| DIRECTIONS FOR THIS TASK |
Among the entries below, find the lines with the word "FFFFFF" and copy them.

----

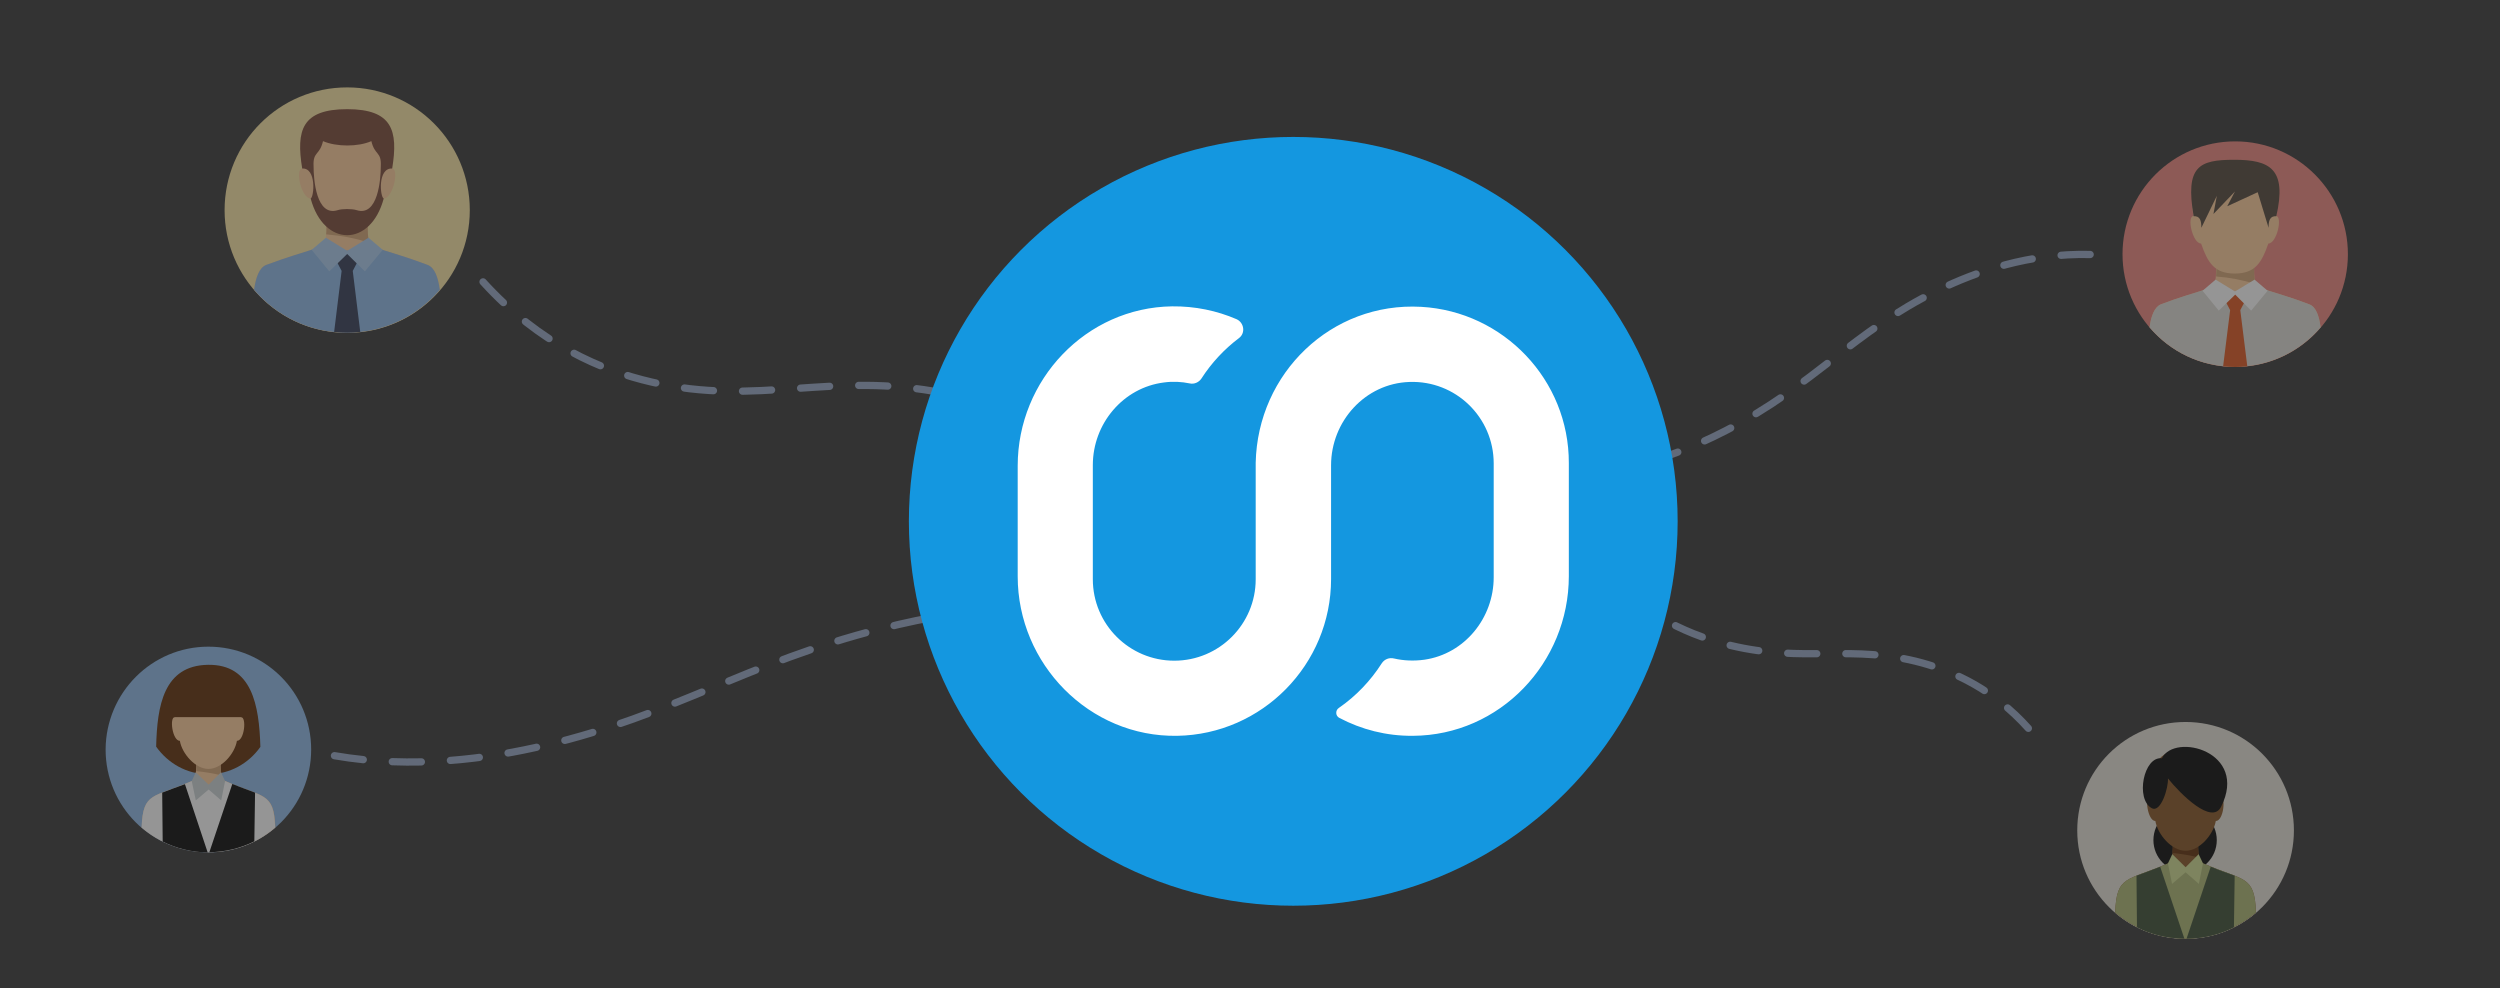 <?xml version="1.0" encoding="utf-8"?>
<!-- Generator: Adobe Illustrator 24.1.1, SVG Export Plug-In . SVG Version: 6.00 Build 0)  -->
<svg version="1.1" id="Ebene_1" xmlns="http://www.w3.org/2000/svg" xmlns:xlink="http://www.w3.org/1999/xlink" x="0px" y="0px"
	 viewBox="0 0 1031.5 407.7" style="enable-background:new 0 0 1031.5 407.7;" xml:space="preserve">
<rect x="0" y="0" width="1031.5" height="407.7" fill="#333333" stroke="none"/>
<style type="text/css">
	.st0{opacity:0.48;}
	.st1{fill:none;stroke:#94A6C4;stroke-width:3;stroke-linecap:round;stroke-miterlimit:10;stroke-dasharray:12,12,12,12;}
	.st2{fill-rule:evenodd;clip-rule:evenodd;fill:#FBE6A2;}
	.st3{fill-rule:evenodd;clip-rule:evenodd;fill:#FFCC99;}
	.st4{fill-rule:evenodd;clip-rule:evenodd;fill:#D4A270;}
	.st5{fill-rule:evenodd;clip-rule:evenodd;fill:#8BB8E8;}
	.st6{fill-rule:evenodd;clip-rule:evenodd;fill:#2D3752;}
	.st7{fill-rule:evenodd;clip-rule:evenodd;fill:#AACBEE;}
	.st8{fill-rule:evenodd;clip-rule:evenodd;fill:#784533;}
	.st9{fill-rule:evenodd;clip-rule:evenodd;fill:#E5E1D8;}
	.st10{fill-rule:evenodd;clip-rule:evenodd;}
	.st11{fill-rule:evenodd;clip-rule:evenodd;fill:#83501D;}
	.st12{fill-rule:evenodd;clip-rule:evenodd;fill:#5B2800;}
	.st13{fill-rule:evenodd;clip-rule:evenodd;fill:#ABB56F;}
	.st14{fill-rule:evenodd;clip-rule:evenodd;fill:#364A2F;}
	.st15{fill-rule:evenodd;clip-rule:evenodd;fill:#CEDB8E;}
	.st16{fill-rule:evenodd;clip-rule:evenodd;fill:#FFFFFF;}
	.st17{fill-rule:evenodd;clip-rule:evenodd;fill:#CAD3D5;}
	.st18{fill-rule:evenodd;clip-rule:evenodd;fill:#EF847B;}
	.st19{fill-rule:evenodd;clip-rule:evenodd;fill:#DEDCD5;}
	.st20{fill-rule:evenodd;clip-rule:evenodd;fill:#DD5219;}
	.st21{fill-rule:evenodd;clip-rule:evenodd;fill:#4D4135;}
	.st22{fill:#1497E0;}
	.st23{fill:#FFFFFF;}
</style>
<g class="st0">
	<path class="st1" d="M199.3,116.3c23.5,25.9,49.1,36.6,69.4,41.3c44.2,10.4,74.4-4.8,121.2,4.7c34.4,6.9,58.2,23.2,73.8,37.3"/>
	<g transform="matrix(1,0,0,1,-189.025,-170.988)">
		<g transform="matrix(12.63,0,0,7.804,2251.02,0)">
			<g transform="matrix(0.079,0,0,0.128,-171.401,8.726)">
				<path class="st2" d="M246.6,139.1c28,0,50.7,22.7,50.7,50.7c0,28-22.7,50.7-50.7,50.7s-50.7-22.7-50.7-50.7
					C195.9,161.7,218.6,139.1,246.6,139.1z"/>
				<path class="st3" d="M208.1,222.7c0.7-5,2.1-9.2,5.1-10.3c8-3,14.9-5,22.4-7.4c3-1,2.3-7.6,2.4-12.7c5.7,0,11.4,0,17,0
					c0.1,5.1-0.6,11.7,2.4,12.7c7.5,2.4,14.5,4.4,22.4,7.4c3,1.1,4.4,5.2,5.1,10.3c-9.3,10.9-23.1,17.7-38.5,17.7
					S217.4,233.5,208.1,222.7z"/>
				<path class="st4" d="M237.9,199.8c6.7,0.6,11.5,1.5,17.9,3.4c-0.8-2-0.7-5.2-0.7-8.2H238C238,196.6,238.1,198.3,237.9,199.8z"/>
				<path class="st3" d="M228,172.6c-3.1,0.3-0.3,12.4,3.5,12.4c2.9,8.5,5.8,13.5,15.1,13.5c9.3,0,12.2-5,15.1-13.5
					c3.8,0,6.5-12.1,3.5-12.4c1.9-12.9,0-24.5-18.6-24.5S226,159.7,228,172.6z"/>
				<path class="st5" d="M208.1,222.7c0.7-5,2.1-9.2,5.1-10.3c8-3,14.9-5,22.4-7.4c7,2,14.3,2.1,21.8,0c7.5,2.4,14.5,4.4,22.4,7.4
					c3,1.1,4.4,5.2,5.1,10.3c-9.3,10.9-23.1,17.7-38.5,17.7S217.4,233.5,208.1,222.7z"/>
				<path class="st6" d="M242,210.5l2.3,4.4l-3.1,25.2c1.8,0.2,3.6,0.3,5.4,0.3c1.8,0,3.6-0.1,5.4-0.3l-3.1-25.2l2.3-4.4l-4.6-3.5
					L242,210.5z"/>
				<path class="st7" d="M246.6,207.9l-7.4,7.2l-7.3-8.9l5.9-5l8.8,5.4l8.8-5.4l5.9,5l-7.4,8.9L246.6,207.9z"/>
				<path class="st8" d="M246.6,148.1c-18.7,0-21.2,8.6-18.6,24.5c6-0.3,4.9,11.8,3.5,12.4c5.4,20.2,24.8,20.2,30.2,0
					c-1.5-0.6-2.6-12.7,3.5-12.4C267.8,156.8,265.2,148.1,246.6,148.1z M242.7,189.8c-8.9,2.8-10-12.6-10-18.2
					c-0.3-6.1,2.5-4.3,3.9-10.3c5.6,2.4,14.5,2.4,20,0c1.4,6,4.2,4.2,3.9,10.3c0,5.6-1.2,21-10,18.2
					C248.6,189.2,244.5,189.2,242.7,189.8z"/>
			</g>
		</g>
	</g>
	<g transform="matrix(1,0,0,1,-871.901,-148.601)">
		<g transform="matrix(12.63,0,0,7.804,2251.02,0)">
			<g transform="matrix(0.079,0,0,0.128,-117.332,-7.312)">
				<path class="st9" d="M1006.8,504.1c24.7,0,44.8,20,44.8,44.8c0,24.7-20,44.8-44.8,44.8c-24.7,0-44.8-20-44.8-44.8
					C962,524.1,982,504.1,1006.8,504.1z"/>
				<path class="st9" d="M1006.6,539.7c7.2,0,13.1,5.9,13.1,13.2c0,7.3-5.9,13.2-13.1,13.2c-7.2,0-13.1-5.9-13.1-13.2
					C993.5,545.6,999.4,539.7,1006.6,539.7z"/>
				<path class="st9" d="M1035.9,582.8c-7.8,6.7-18,10.8-29.1,10.8c-11.1,0-21.3-4-29.1-10.8c0.5-15.7,5.1-12.9,21.8-20.3
					c2.4-1.1,1.9-6.9,2.1-11.4c3.5,0,6.9,0,10.4,0c0.1,4.5-0.4,10.3,2.1,11.4C1030.7,570,1035.3,567.1,1035.9,582.8z"/>
				<path class="st9" d="M1001.4,558.2c3.9,0.4,7.2,1,11,1.9c-0.4-1.7-0.4-4-0.5-6.3c-3.3,0-7.1,0.1-10.4,0.1
					C1001.5,555.4,1001.5,556.9,1001.4,558.2z"/>
				<path class="st9" d="M992.1,534.7c-2.4,0-1,10.3,2.2,10.3c1,5.6,6.7,12.3,12.5,12.3c5.8,0,11.5-6.7,12.5-12.3
					c3.3,0,4.3-10.3,1.8-10.3c0.6-11.4-2.8-19.5-14.3-19.5S991.4,523.4,992.1,534.7z"/>
				<path class="st9" d="M1035.9,582.8c-7.8,6.7-18,10.8-29.1,10.8c-11.1,0-21.3-4-29.1-10.8c0.5-15.7,5.1-12.9,21.8-20.3l7.3,2.3
					l7.3-2.3C1030.7,570,1035.3,567.1,1035.9,582.8z"/>
				<path class="st9" d="M1006.3,593.6c-7-0.1-13.7-1.8-19.6-4.7l-0.2-21.3c2.6-1,5.8-2.1,9.8-3.7L1006.3,593.6z M1026.8,588.9
					c-5.9,3-12.6,4.7-19.6,4.7l10-29.7c4.1,1.7,7.3,2.7,9.9,3.7L1026.8,588.9z"/>
				<path class="st9" d="M1006.8,564.1l5.4-5.4l1.8,3.8l-1.7,8.5l-5.5-4.8l-5.6,4.8l-1.7-8.5l1.8-3.8L1006.8,564.1z"/>
				<path class="st9" d="M999.5,527.4c5.3,6.6,18.2,19.4,22,11.7c11.4-22.8-19.2-30.7-24.5-20c-7.6-0.9-11,16.9-4.2,20.6
					C996.6,541.8,999.8,531.1,999.5,527.4z"/>
				<path class="st10" d="M1006.6,539.7c7.2,0,13.1,5.9,13.1,13.2c0,7.3-5.9,13.2-13.1,13.2c-7.2,0-13.1-5.9-13.1-13.2
					C993.5,545.6,999.4,539.7,1006.6,539.7z"/>
				<path class="st11" d="M977.7,582.8c0.5-15.7,5.1-12.9,21.8-20.3c2.4-1.1,1.9-6.9,2.1-11.4c3.5,0,6.9,0,10.4,0
					c0.1,4.5-0.4,10.3,2.1,11.4c16.7,7.4,21.3,4.6,21.8,20.3c-7.8,6.7-18,10.8-29.1,10.8C995.6,593.6,985.5,589.5,977.7,582.8z"/>
				<path class="st12" d="M1001.4,558.2c3.9,0.4,7.2,1,11,1.9c-0.4-1.7-0.4-4-0.5-6.3c-3.3,0-7.1,0.1-10.4,0.1
					C1001.5,555.4,1001.5,556.9,1001.4,558.2z"/>
				<path class="st11" d="M992.1,534.7c-2.4,0-1,10.3,2.2,10.3c1,5.6,6.7,12.3,12.5,12.3c5.8,0,11.5-6.7,12.5-12.3
					c3.3,0,4.3-10.3,1.8-10.3c0.6-11.4-2.8-19.5-14.3-19.5S991.4,523.4,992.1,534.7z"/>
				<path class="st13" d="M977.7,582.8c0.5-15.7,5.1-12.9,21.8-20.3l7.3,2.3l7.3-2.3c16.7,7.4,21.3,4.6,21.8,20.3
					c-7.8,6.7-18,10.8-29.1,10.8C995.6,593.6,985.5,589.5,977.7,582.8z"/>
				<path class="st14" d="M1026.8,588.9c-5.9,3-12.6,4.7-19.6,4.7l10-29.7c4.1,1.7,7.3,2.7,9.9,3.7L1026.8,588.9z M986.5,567.6
					l0.2,21.3c5.9,3,12.5,4.6,19.6,4.7l-10-29.7C992.3,565.5,989.1,566.6,986.5,567.6z"/>
				<path class="st15" d="M1006.8,564.1l5.4-5.4l1.8,3.8l-1.7,8.5l-5.5-4.8l-5.6,4.8l-1.7-8.5l1.8-3.8L1006.8,564.1z"/>
				<path class="st10" d="M999.5,527.4c5.3,6.6,18.2,19.4,22,11.7c11.4-22.8-19.2-30.7-24.5-20c-7.6-0.9-11,16.9-4.2,20.6
					C996.6,541.8,999.8,531.1,999.5,527.4z"/>
			</g>
		</g>
	</g>
	<g transform="matrix(1,0,0,1,-38.952,-310.153)">
		<g transform="matrix(12.63,0,0,7.804,2251.02,0)">
			<g transform="matrix(0.079,0,0,0.128,-191.42,13.388)">
				<path class="st5" d="M292.2,473c23.5,0,42.5,19,42.5,42.5c0,23.5-19,42.5-42.5,42.5c-23.5,0-42.5-19-42.5-42.5
					C249.8,492,268.8,473,292.2,473z"/>
				<path class="st12" d="M270.6,514.3c0.4-16.9,3.1-33.5,21.4-33.8c18.3-0.3,21.2,16.7,21.7,33.9c-4.9,6.9-12.7,11.3-21.5,11.3
					C283.3,525.7,275.5,521.2,270.6,514.3z"/>
				<path class="st3" d="M264.6,547.7c0.5-14.9,4.9-12.2,20.7-19.2c2.3-1,1.8-6.6,2-10.8c3.3,0,6.6,0,9.9,0c0.1,4.3-0.4,9.8,2,10.8
					c15.8,7,20.2,4.4,20.7,19.2c-7.4,6.4-17.1,10.2-27.6,10.2S272.1,554.1,264.6,547.7z"/>
				<path class="st4" d="M287.2,524.4c3.7,0.4,6.9,0.9,10.5,1.8c-0.4-1.6-0.4-3.8-0.4-6c-3.2,0-6.7,0.1-9.9,0.1
					C287.3,521.6,287.3,523.1,287.2,524.4z"/>
				<path class="st3" d="M278.3,502.1c-2.3,0-1,9.8,2.1,9.8c0.9,5.3,6.4,11.6,11.8,11.6c5.5,0,10.9-6.3,11.8-11.6
					c3.1,0,4.1-9.8,1.7-9.8c0.6-10.8-2.6-18.5-13.5-18.5C281.3,483.6,277.7,491.3,278.3,502.1z"/>
				<path class="st16" d="M264.6,547.7c0.5-14.9,4.9-12.2,20.7-19.2l6.9,2.2l6.9-2.2c15.8,7,20.2,4.4,20.7,19.2
					c-7.4,6.4-17.1,10.2-27.6,10.2S272.1,554.1,264.6,547.7z"/>
				<path class="st12" d="M308,502.1h-31.4C272.3,477.4,309.6,475.1,308,502.1z"/>
				<path class="st10" d="M311.2,553.4c-5.6,2.8-11.9,4.4-18.6,4.5l9.5-28.2c3.9,1.6,6.9,2.6,9.4,3.6L311.2,553.4z M273.1,533.3
					l0.2,20.2c5.6,2.8,11.9,4.4,18.6,4.5l-9.4-28.2C278.5,531.3,275.5,532.3,273.1,533.3z"/>
				<path class="st17" d="M292.3,530l5.1-5.1l1.7,3.6l-1.6,8l-5.2-4.5l-5.3,4.5l-1.7-8l1.7-3.6L292.3,530z"/>
			</g>
		</g>
	</g>
	<g transform="matrix(1,0,0,1,-513.807,-22.863)">
		<g transform="matrix(12.63,0,0,7.804,2251.02,0)">
			<g transform="matrix(0.079,0,0,0.128,-161.957,2.916)">
				<path class="st18" d="M1233.3,58.5c25.7,0,46.6,20.9,46.6,46.6c0,25.7-20.9,46.6-46.6,46.6s-46.6-20.9-46.6-46.6
					C1186.7,79.3,1207.6,58.5,1233.3,58.5z"/>
				<path class="st3" d="M1197.9,135.3c0.6-4.6,2-8.4,4.7-9.5c7.3-2.8,13.7-4.6,20.6-6.8c2.7-0.9,2.1-7,2.2-11.6h15.7
					c0.1,4.7-0.5,10.8,2.2,11.6c6.9,2.2,13.3,4,20.6,6.8c2.8,1,4.1,4.8,4.7,9.5c-8.5,10-21.2,16.3-35.4,16.3
					S1206.4,145.3,1197.9,135.3z"/>
				<path class="st4" d="M1225.4,114.3c6.2,0.5,10.5,1.4,16.4,3.1c-0.7-1.8-0.7-4.7-0.6-7.6h-15.7
					C1225.5,111.3,1225.5,112.9,1225.4,114.3z"/>
				<path class="st3" d="M1250.2,89.3c2.8,0.3,0.3,11.4-3.2,11.4c-2.7,7.8-5.4,12.4-13.9,12.4c-8.5,0-11.2-4.6-13.9-12.4
					c-3.5,0-6-11.1-3.2-11.4c-1.8-11.9,0-22.5,17.1-22.5C1250.3,66.8,1252,77.4,1250.2,89.3z"/>
				<path class="st19" d="M1197.9,135.3c0.6-4.6,2-8.4,4.7-9.5c7.3-2.8,13.7-4.6,20.6-6.8c6.4,1.8,13.1,1.9,20.1,0
					c6.9,2.2,13.3,4,20.6,6.8c2.8,1,4.1,4.8,4.7,9.5c-8.5,10-21.2,16.3-35.4,16.3S1206.4,145.3,1197.9,135.3z"/>
				<path class="st20" d="M1229.1,124.2l2.1,4l-2.9,23.2c1.6,0.2,3.3,0.3,5,0.3s3.3-0.1,5-0.3l-2.9-23.2l2.1-4l-4.2-3.2
					L1229.1,124.2z"/>
				<path class="st16" d="M1233.3,121.8l-6.8,6.6l-6.7-8.2l5.4-4.6l8,4.9l8.1-4.9l5.4,4.6l-6.8,8.2L1233.3,121.8z"/>
				<path class="st21" d="M1242.6,79.5l-12.6,5.8l3.2-6.1l-8.9,9.3l1.4-7.5l-6.4,13.2c0-3-0.5-4.9-3.2-4.8
					c-3.5-20.6,2.1-23.3,16.8-23.3c14.7,0,21.9,3.7,17.4,23.3c-2.7-0.1-3.2,1.8-3.2,4.8L1242.6,79.5z"/>
			</g>
		</g>
	</g>
	<path class="st1" d="M138,311.8c32.3,5.6,63.5,1.3,87.4-4.4c52.1-12.3,82.9-34,137.8-47.9c40.4-10.3,70.8-10.5,91.5-8.6"/>
	<path class="st1" d="M862.4,105c-25.3-0.6-46.9,7-62.9,14.8c-34.8,17-51.1,39.2-87.5,57.9c-26.7,13.8-49,17.9-64.7,18.9"/>
	<path class="st1" d="M836.9,300.5c-14.5-16.2-30.8-23.4-43.9-27c-28.5-7.8-48.7,0.1-79-7.2c-22.3-5.4-37.3-15.9-46.9-24.8"/>
</g>
<g>
	<circle class="st22" cx="533.6" cy="215.1" r="158.6"/>
	<path class="st23" d="M586.4,126.6c-37.1-2.1-67.5,27.4-68.3,64.3c0,0.1,0,0.1,0,0.2v1.3V239c0,18.5-15,33.6-33.6,33.6l0,0
		c-18.5,0-33.6-15-33.6-33.6v-47.1c0-17.1,12.5-32,29.4-34.1c3.7-0.5,7.2-0.3,10.6,0.4c1.8,0.4,3.7-0.4,4.8-2
		c4.1-6.4,9.4-12.1,15.5-16.7c2.8-2.1,2.1-6.4-1-7.8c-8.1-3.5-17.1-5.4-26.6-5.3c-35.5,0.5-63.7,30.3-63.7,65.8v45.6
		c0,36.2,29.6,66.4,65.8,65.8c35.1-0.6,63.5-29.4,63.5-64.7v-3.4V192c0-18.2,14.1-33.8,32.3-34.4c19.1-0.7,34.8,14.6,34.8,33.6v47
		c0,16.8-12,31.6-28.6,34c-4.4,0.6-8.6,0.4-12.5-0.5c-2-0.5-4,0.3-5.1,2c-4.6,7.2-10.6,13.5-17.7,18.4c-1.5,1-1.4,3.3,0.2,4.1
		c9.1,4.8,19.4,7.5,30.4,7.4c35.8-0.2,64.3-30.1,64.3-65.9v-46.6C647.4,156.7,620.3,128.5,586.4,126.6z"/>
</g>
</svg>

----

| OUTPUT BELOW |
	.st16{fill-rule:evenodd;clip-rule:evenodd;fill:#FFFFFF;}
	.st23{fill:#FFFFFF;}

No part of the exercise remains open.